You can also subset the database to focus on a specific adjective or group. For example, you can visualize the stereotype strength of the adjective “selfish” across group combinations:

# Pick one adjective and extract group typicality scores
df <- gpt4_matrix %>%
  select(group, selfish) %>% 
  rename(score = selfish) %>%
  arrange(desc(score))  # sort by how typical the group is

# Save group names and their scores
group_order <- df$group
typ_values  <- df$score
names(typ_values) <- df$group

# Build all group pairs and compute log-ratios
res_df <- expand.grid(
  g1 = group_order,
  g2 = group_order,
  KEEP.OUT.ATTRS = FALSE
) %>%
  mutate(
    typ1 = typ_values[as.character(g1)],
    typ2 = typ_values[as.character(g2)],
    log_ratio = log(pmax(typ1, 1e-9) / pmax(typ2, 1e-9))
  ) %>%
  mutate(
    g1 = factor(g1, levels = group_order),
    g2 = factor(g2, levels = group_order)
  )

# Keep only pairs where g1 is ranked higher than g2 and log-ratio is positive
res_df <- res_df %>%
  filter(as.integer(g1) < as.integer(g2), log_ratio > 0)

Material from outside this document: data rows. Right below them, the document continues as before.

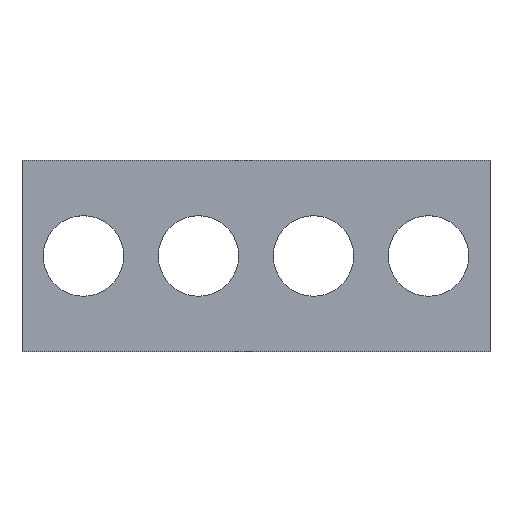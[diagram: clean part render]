
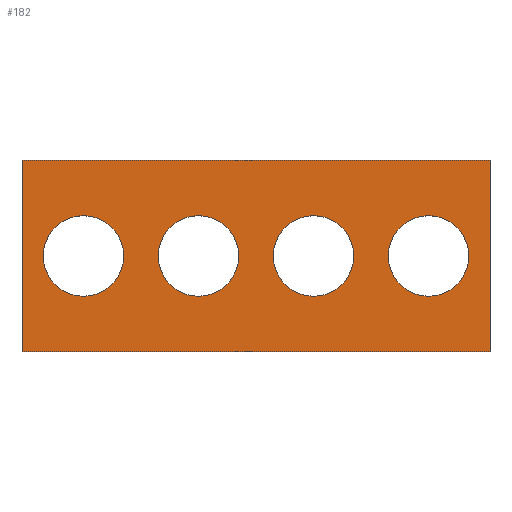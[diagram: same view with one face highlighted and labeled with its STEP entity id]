
A CAD part, top view. The second image highlights one B-rep face of the part: STEP entity #182.
In plain terms, the highlighted planar face has unit normal (0, 0, 1).
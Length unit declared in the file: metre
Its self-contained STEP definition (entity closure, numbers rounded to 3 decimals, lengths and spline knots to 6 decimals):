
#12=CIRCLE('',#201,0.00525);
#14=CIRCLE('',#204,0.00525);
#16=CIRCLE('',#207,0.00525);
#18=CIRCLE('',#210,0.00525);
#48=ORIENTED_EDGE('',*,*,#80,.F.);
#49=ORIENTED_EDGE('',*,*,#78,.F.);
#50=ORIENTED_EDGE('',*,*,#76,.F.);
#51=ORIENTED_EDGE('',*,*,#74,.F.);
#52=ORIENTED_EDGE('',*,*,#66,.F.);
#53=ORIENTED_EDGE('',*,*,#70,.T.);
#54=ORIENTED_EDGE('',*,*,#73,.T.);
#55=ORIENTED_EDGE('',*,*,#83,.F.);
#66=EDGE_CURVE('',#86,#87,#102,.T.);
#70=EDGE_CURVE('',#86,#89,#106,.T.);
#73=EDGE_CURVE('',#89,#91,#109,.T.);
#74=EDGE_CURVE('',#92,#92,#12,.T.);
#76=EDGE_CURVE('',#94,#94,#14,.T.);
#78=EDGE_CURVE('',#96,#96,#16,.T.);
#80=EDGE_CURVE('',#98,#98,#18,.T.);
#83=EDGE_CURVE('',#87,#91,#111,.T.);
#86=VERTEX_POINT('',#271);
#87=VERTEX_POINT('',#273);
#89=VERTEX_POINT('',#279);
#91=VERTEX_POINT('',#285);
#92=VERTEX_POINT('',#289);
#94=VERTEX_POINT('',#294);
#96=VERTEX_POINT('',#299);
#98=VERTEX_POINT('',#304);
#102=LINE('',#272,#114);
#106=LINE('',#280,#118);
#109=LINE('',#286,#121);
#111=LINE('',#309,#123);
#114=VECTOR('',#221,1.);
#118=VECTOR('',#227,1.);
#121=VECTOR('',#232,1.);
#123=VECTOR('',#260,1.);
#136=EDGE_LOOP('',(#48));
#137=EDGE_LOOP('',(#49));
#138=EDGE_LOOP('',(#50));
#139=EDGE_LOOP('',(#51));
#140=EDGE_LOOP('',(#52,#53,#54,#55));
#158=FACE_BOUND('',#136,.T.);
#159=FACE_BOUND('',#137,.T.);
#160=FACE_BOUND('',#138,.T.);
#161=FACE_BOUND('',#139,.T.);
#162=FACE_BOUND('',#140,.T.);
#172=PLANE('',#213);
#182=ADVANCED_FACE('',(#158,#159,#160,#161,#162),#172,.T.);
#201=AXIS2_PLACEMENT_3D('',#288,#235,#236);
#204=AXIS2_PLACEMENT_3D('',#293,#241,#242);
#207=AXIS2_PLACEMENT_3D('',#298,#247,#248);
#210=AXIS2_PLACEMENT_3D('',#303,#253,#254);
#213=AXIS2_PLACEMENT_3D('',#310,#261,#262);
#221=DIRECTION('',(-1.,0.,0.));
#227=DIRECTION('',(0.,1.,0.));
#232=DIRECTION('',(-1.,0.,0.));
#235=DIRECTION('',(0.,0.,1.));
#236=DIRECTION('',(1.,0.,0.));
#241=DIRECTION('',(0.,0.,1.));
#242=DIRECTION('',(1.,0.,0.));
#247=DIRECTION('',(0.,0.,1.));
#248=DIRECTION('',(1.,0.,0.));
#253=DIRECTION('',(0.,0.,1.));
#254=DIRECTION('',(1.,0.,0.));
#260=DIRECTION('',(0.,1.,0.));
#261=DIRECTION('',(0.,0.,1.));
#262=DIRECTION('',(1.,0.,0.));
#271=CARTESIAN_POINT('',(0.0305,-0.0125,0.00425));
#272=CARTESIAN_POINT('',(0.,-0.0125,0.00425));
#273=CARTESIAN_POINT('',(-0.0305,-0.0125,0.00425));
#279=CARTESIAN_POINT('',(0.0305,0.0125,0.00425));
#280=CARTESIAN_POINT('',(0.0305,0.,0.00425));
#285=CARTESIAN_POINT('',(-0.0305,0.0125,0.00425));
#286=CARTESIAN_POINT('',(0.,0.0125,0.00425));
#288=CARTESIAN_POINT('',(-0.0225,0.,0.00425));
#289=CARTESIAN_POINT('',(-0.01725,0.,0.00425));
#293=CARTESIAN_POINT('',(-0.0075,0.,0.00425));
#294=CARTESIAN_POINT('',(-0.00225,0.,0.00425));
#298=CARTESIAN_POINT('',(0.0075,0.,0.00425));
#299=CARTESIAN_POINT('',(0.01275,0.,0.00425));
#303=CARTESIAN_POINT('',(0.0225,0.,0.00425));
#304=CARTESIAN_POINT('',(0.02775,0.,0.00425));
#309=CARTESIAN_POINT('',(-0.0305,0.,0.00425));
#310=CARTESIAN_POINT('',(0.,0.,0.00425));

# Add identity pairs (g1 == g2) with NA
diag_df <- tibble(
  g1 = factor(group_order, levels = group_order),
  g2 = factor(group_order, levels = group_order),
  log_ratio = NA_real_
)

# Combine with original filtered upper-triangle pairs
res_df <- bind_rows(res_df, diag_df)

# Plot the heatmap
ggplot(res_df, aes(x = g2, y = g1, fill = log_ratio)) +
  geom_tile(color = "white") +
  scale_fill_gradient2(
    low       = "steelblue",
    mid       = "white",
    high      = "firebrick",
    midpoint  = 0,
    na.value  = "grey90",
    name      = "Log(Group 1 / Group 2)",
  ) +
  labs(
    title = "Stereotype Strength for Adjective 'Selfish'",
    x = "Group 2",
    y = "Group 1"
  ) +
  theme_classic() +
  theme(
    axis.text.y = element_text(angle = 15, hjust = 1, size = 5),
    axis.text.x = element_text(angle = 45, hjust = 1, size = 5),
    panel.grid  = element_blank()
  )

Citation

If you use baserater in your research, please cite:

Beucler, J. (2025). baserater: An R package using large language models to estimate belief strength in reasoning (Version 0.1.0) [Computer software]. Zenodo. https://doi.org/10.5281/zenodo.15449192

Inference Provider Setup

The baserater package can connect to inference providers such as ‘Together AI’, ‘Hugging Face’ Inference, ‘Fireworks’, and ‘Replicate’. These platforms host or serve large language models and allow you to query them through a standard HTTP interface.

Here are some useful links to get started:

To generate new scores using the generate_typicality() function, complete the following setup steps:

Obtain your provider’s API URL and token:
Optionally, store them as environment variables in R, for example:
Sys.setenv(PROVIDER_API_URL = "https://api.together.xyz/v1/chat/completions")
Sys.setenv(PROVIDER_API_TOKEN = "your_secret_token")
Check model availability and license terms:
Some models require that you agree to license terms before use. Check the provider’s model catalog for details.
Verify the correct model identifier for your provider:
Model names can vary depending on the provider (for example, "meta-llama/Llama-3.3-70B-Instruct-Turbo" on ‘Together AI’ vs. "meta-llama/Llama-3.3-70B-Instruct" on ‘Hugging Face’). Always use the exact identifier listed in the provider’s documentation.